WHAT YOU HAVE TO DO
With the string "DIRECTION" as the filter, copy each matching line from the records.

** Opening PROVIDED DATA block **

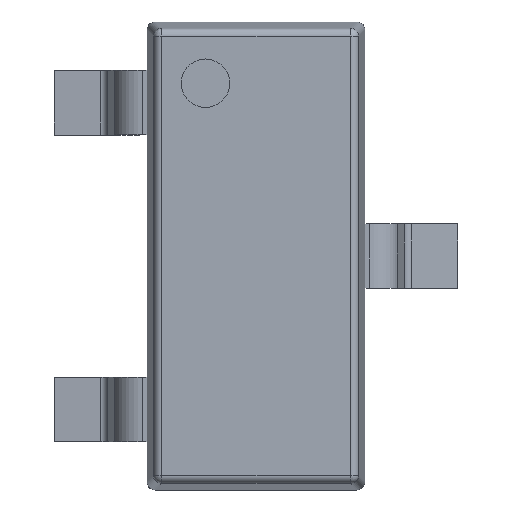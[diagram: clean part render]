
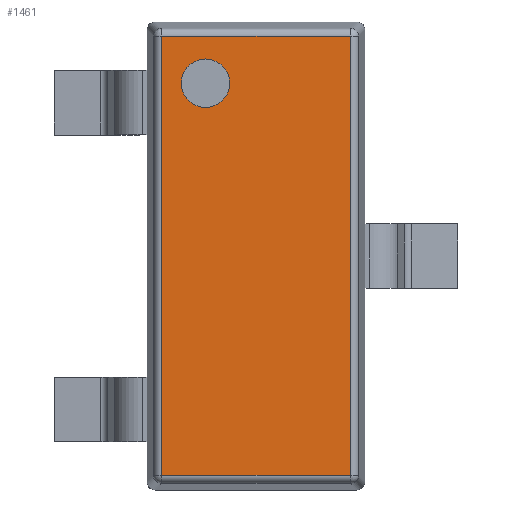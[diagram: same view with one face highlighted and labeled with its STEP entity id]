
A CAD part, top view. The second image highlights one B-rep face of the part: STEP entity #1461.
In plain terms, the highlighted planar face has unit normal (0, 0, 1).
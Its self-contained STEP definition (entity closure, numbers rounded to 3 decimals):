
#52=FACE_BOUND('',#266,.T.);
#62=PLANE('',#1588);
#116=CIRCLE('',#1589,0.15);
#182=FACE_OUTER_BOUND('',#265,.T.);
#265=EDGE_LOOP('',(#1139,#1140,#1141,#1142));
#266=EDGE_LOOP('',(#1143));
#344=LINE('',#2171,#498);
#356=LINE('',#2211,#510);
#358=LINE('',#2214,#512);
#362=LINE('',#2220,#516);
#498=VECTOR('',#1734,10.);
#510=VECTOR('',#1774,10.);
#512=VECTOR('',#1778,10.);
#516=VECTOR('',#1786,10.);
#655=VERTEX_POINT('',#2141);
#661=VERTEX_POINT('',#2158);
#666=VERTEX_POINT('',#2174);
#669=VERTEX_POINT('',#2184);
#699=VERTEX_POINT('',#2298);
#799=EDGE_CURVE('',#655,#661,#344,.T.);
#819=EDGE_CURVE('',#661,#669,#356,.T.);
#821=EDGE_CURVE('',#669,#666,#358,.T.);
#825=EDGE_CURVE('',#666,#655,#362,.T.);
#866=EDGE_CURVE('',#699,#699,#116,.T.);
#1139=ORIENTED_EDGE('',*,*,#799,.F.);
#1140=ORIENTED_EDGE('',*,*,#825,.F.);
#1141=ORIENTED_EDGE('',*,*,#821,.F.);
#1142=ORIENTED_EDGE('',*,*,#819,.F.);
#1143=ORIENTED_EDGE('',*,*,#866,.T.);
#1461=ADVANCED_FACE('',(#182,#52),#62,.T.);
#1588=AXIS2_PLACEMENT_3D('',#2297,#1864,#1865);
#1589=AXIS2_PLACEMENT_3D('',#2299,#1866,#1867);
#1734=DIRECTION('',(0.,-1.,0.));
#1774=DIRECTION('',(-1.,0.,0.));
#1778=DIRECTION('',(0.,1.,0.));
#1786=DIRECTION('',(1.,0.,0.));
#1864=DIRECTION('center_axis',(0.,0.,1.));
#1865=DIRECTION('ref_axis',(1.,0.,0.));
#1866=DIRECTION('center_axis',(0.,0.,-1.));
#1867=DIRECTION('ref_axis',(-1.,0.,0.));
#2141=CARTESIAN_POINT('',(0.585,1.36,1.2));
#2158=CARTESIAN_POINT('',(0.585,-1.36,1.2));
#2171=CARTESIAN_POINT('',(0.585,0.725,1.2));
#2174=CARTESIAN_POINT('',(-0.585,1.36,1.2));
#2184=CARTESIAN_POINT('',(-0.585,-1.36,1.2));
#2211=CARTESIAN_POINT('',(0.337,-1.36,1.2));
#2214=CARTESIAN_POINT('',(-0.585,-0.725,1.2));
#2220=CARTESIAN_POINT('',(-0.338,1.36,1.2));
#2297=CARTESIAN_POINT('Origin',(0.,0.,
1.2));
#2298=CARTESIAN_POINT('',(-0.163,1.07,1.2));
#2299=CARTESIAN_POINT('Origin',(-0.313,1.07,1.2));

** Closing PROVIDED DATA block **

RESPONSE TO THE EXERCISE
#1734=DIRECTION('',(0.,-1.,0.));
#1774=DIRECTION('',(-1.,0.,0.));
#1778=DIRECTION('',(0.,1.,0.));
#1786=DIRECTION('',(1.,0.,0.));
#1864=DIRECTION('center_axis',(0.,0.,1.));
#1865=DIRECTION('ref_axis',(1.,0.,0.));
#1866=DIRECTION('center_axis',(0.,0.,-1.));
#1867=DIRECTION('ref_axis',(-1.,0.,0.));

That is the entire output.